От грубой работы люди становятся грубыми, грубеет и их язык. Речь простолюдина не блещет изяществом; он был к тому же солдатом и притворяется, будто в нем все еще есть военная косточка. Буржуа делает из этого заключение, что у всех простолюдинов буйный нрав; чаще всего он ошибается. Нигде прогресс не проявился так явственно, как здесь. Совсем недавно мы были свидетелями вторжения солдат в «матку» [161] союза плотников; их денежный ящик взломали, документы отобрали, на их жалкие сбережения наложили арест, но эти мужественные люди подчинились закону, сдержали себя, смирились…
Богач, как правило, разбогател недавно; еще вчера он был беден. Еще вчера он сам был рабочим, солдатом, крестьянином – одним из тех, общества которых он теперь избегает. Можно, пожалуй, понять, что его внук, никогда не знавший бедности, легко забывает о своем происхождении; но как может забыть об этом он сам через тридцать-сорок лет?
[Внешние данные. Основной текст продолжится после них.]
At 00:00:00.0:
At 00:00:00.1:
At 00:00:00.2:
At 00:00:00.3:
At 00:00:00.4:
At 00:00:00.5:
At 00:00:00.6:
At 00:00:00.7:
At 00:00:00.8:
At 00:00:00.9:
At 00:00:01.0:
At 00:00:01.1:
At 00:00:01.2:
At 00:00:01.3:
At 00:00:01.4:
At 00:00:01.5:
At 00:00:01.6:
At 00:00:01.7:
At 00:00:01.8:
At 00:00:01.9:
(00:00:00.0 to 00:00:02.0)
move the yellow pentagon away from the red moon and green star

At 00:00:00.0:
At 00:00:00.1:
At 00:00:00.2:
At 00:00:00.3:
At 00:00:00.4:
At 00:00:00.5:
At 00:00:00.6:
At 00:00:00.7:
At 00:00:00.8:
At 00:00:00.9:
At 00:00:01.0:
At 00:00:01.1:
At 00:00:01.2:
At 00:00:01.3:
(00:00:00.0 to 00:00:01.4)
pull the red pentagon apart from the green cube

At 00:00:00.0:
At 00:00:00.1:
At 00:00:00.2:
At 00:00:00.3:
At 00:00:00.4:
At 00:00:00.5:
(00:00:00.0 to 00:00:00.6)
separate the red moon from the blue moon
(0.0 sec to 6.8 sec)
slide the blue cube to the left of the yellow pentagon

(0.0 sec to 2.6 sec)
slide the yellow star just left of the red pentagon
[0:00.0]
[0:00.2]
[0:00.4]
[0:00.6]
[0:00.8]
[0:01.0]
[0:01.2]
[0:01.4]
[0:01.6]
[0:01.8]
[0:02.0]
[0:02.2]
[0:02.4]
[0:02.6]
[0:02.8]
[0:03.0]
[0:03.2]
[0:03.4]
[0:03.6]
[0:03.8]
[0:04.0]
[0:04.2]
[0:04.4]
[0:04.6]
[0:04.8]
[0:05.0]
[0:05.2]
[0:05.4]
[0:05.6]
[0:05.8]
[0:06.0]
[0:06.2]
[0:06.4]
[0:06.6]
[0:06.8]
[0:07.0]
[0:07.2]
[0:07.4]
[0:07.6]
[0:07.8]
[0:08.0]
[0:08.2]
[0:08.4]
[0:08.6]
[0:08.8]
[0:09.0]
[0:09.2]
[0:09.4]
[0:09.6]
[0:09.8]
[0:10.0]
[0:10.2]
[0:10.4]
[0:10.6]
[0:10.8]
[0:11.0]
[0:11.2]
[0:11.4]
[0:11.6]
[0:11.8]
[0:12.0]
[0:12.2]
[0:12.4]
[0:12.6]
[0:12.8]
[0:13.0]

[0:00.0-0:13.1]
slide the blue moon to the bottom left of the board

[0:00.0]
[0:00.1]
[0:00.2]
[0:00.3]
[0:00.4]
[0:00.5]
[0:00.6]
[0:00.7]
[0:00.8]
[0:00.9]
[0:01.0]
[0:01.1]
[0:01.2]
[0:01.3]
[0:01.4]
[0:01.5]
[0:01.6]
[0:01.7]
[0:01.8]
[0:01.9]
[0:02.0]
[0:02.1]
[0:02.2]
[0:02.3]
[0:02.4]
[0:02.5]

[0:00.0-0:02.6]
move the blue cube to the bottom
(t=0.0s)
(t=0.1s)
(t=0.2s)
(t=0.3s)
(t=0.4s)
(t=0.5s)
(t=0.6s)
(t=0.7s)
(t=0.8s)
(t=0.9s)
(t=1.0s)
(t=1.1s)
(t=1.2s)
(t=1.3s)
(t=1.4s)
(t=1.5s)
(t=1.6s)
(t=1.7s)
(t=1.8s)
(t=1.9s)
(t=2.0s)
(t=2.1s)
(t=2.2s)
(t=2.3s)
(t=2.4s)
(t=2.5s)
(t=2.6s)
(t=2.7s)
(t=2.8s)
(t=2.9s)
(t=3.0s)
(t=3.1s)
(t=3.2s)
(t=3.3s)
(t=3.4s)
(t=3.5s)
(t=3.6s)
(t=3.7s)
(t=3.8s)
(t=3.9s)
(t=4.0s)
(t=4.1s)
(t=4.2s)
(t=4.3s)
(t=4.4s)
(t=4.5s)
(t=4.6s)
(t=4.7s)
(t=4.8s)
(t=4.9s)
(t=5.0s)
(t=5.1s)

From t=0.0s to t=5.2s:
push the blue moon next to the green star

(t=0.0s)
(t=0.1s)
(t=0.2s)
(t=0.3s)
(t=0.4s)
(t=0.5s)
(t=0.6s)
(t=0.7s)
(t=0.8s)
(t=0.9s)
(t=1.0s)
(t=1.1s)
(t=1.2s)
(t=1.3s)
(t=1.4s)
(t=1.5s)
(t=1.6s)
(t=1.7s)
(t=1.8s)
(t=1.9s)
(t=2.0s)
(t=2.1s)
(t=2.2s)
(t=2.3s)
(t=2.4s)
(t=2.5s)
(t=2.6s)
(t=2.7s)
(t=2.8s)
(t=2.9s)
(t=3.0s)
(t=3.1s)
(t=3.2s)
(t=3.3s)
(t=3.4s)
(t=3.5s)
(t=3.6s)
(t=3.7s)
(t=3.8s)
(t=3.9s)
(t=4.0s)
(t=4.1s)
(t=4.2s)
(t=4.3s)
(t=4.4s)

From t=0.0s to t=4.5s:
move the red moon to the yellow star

Непостижимо! О люди, жившие в воинственное время, много раз глядевшие врагу в лицо, ради бога не бойтесь глядеть в лицо своим неимущим согражданам, которыми вас так пугают! В чем их вина? Они начинают сегодня, как и вы начинали когда-то. Эти бедняки, проходящие под вашими окнами, – вы в молодости… Эти новобранцы, напевающие «Марсельезу», – разве не те юнцы, какими были вы в 1792 году, отправляясь воевать? А этот вернувшийся из Африки горделивый офицер, еще опаленный дыханием битв, разве не напоминает вам 1804 год и Булонский лагерь? [162] Любой мелкий лавочник, рабочий, владелец фабрички похож на тех, кто, как и вы, начал в 1820 году погоню за богатством.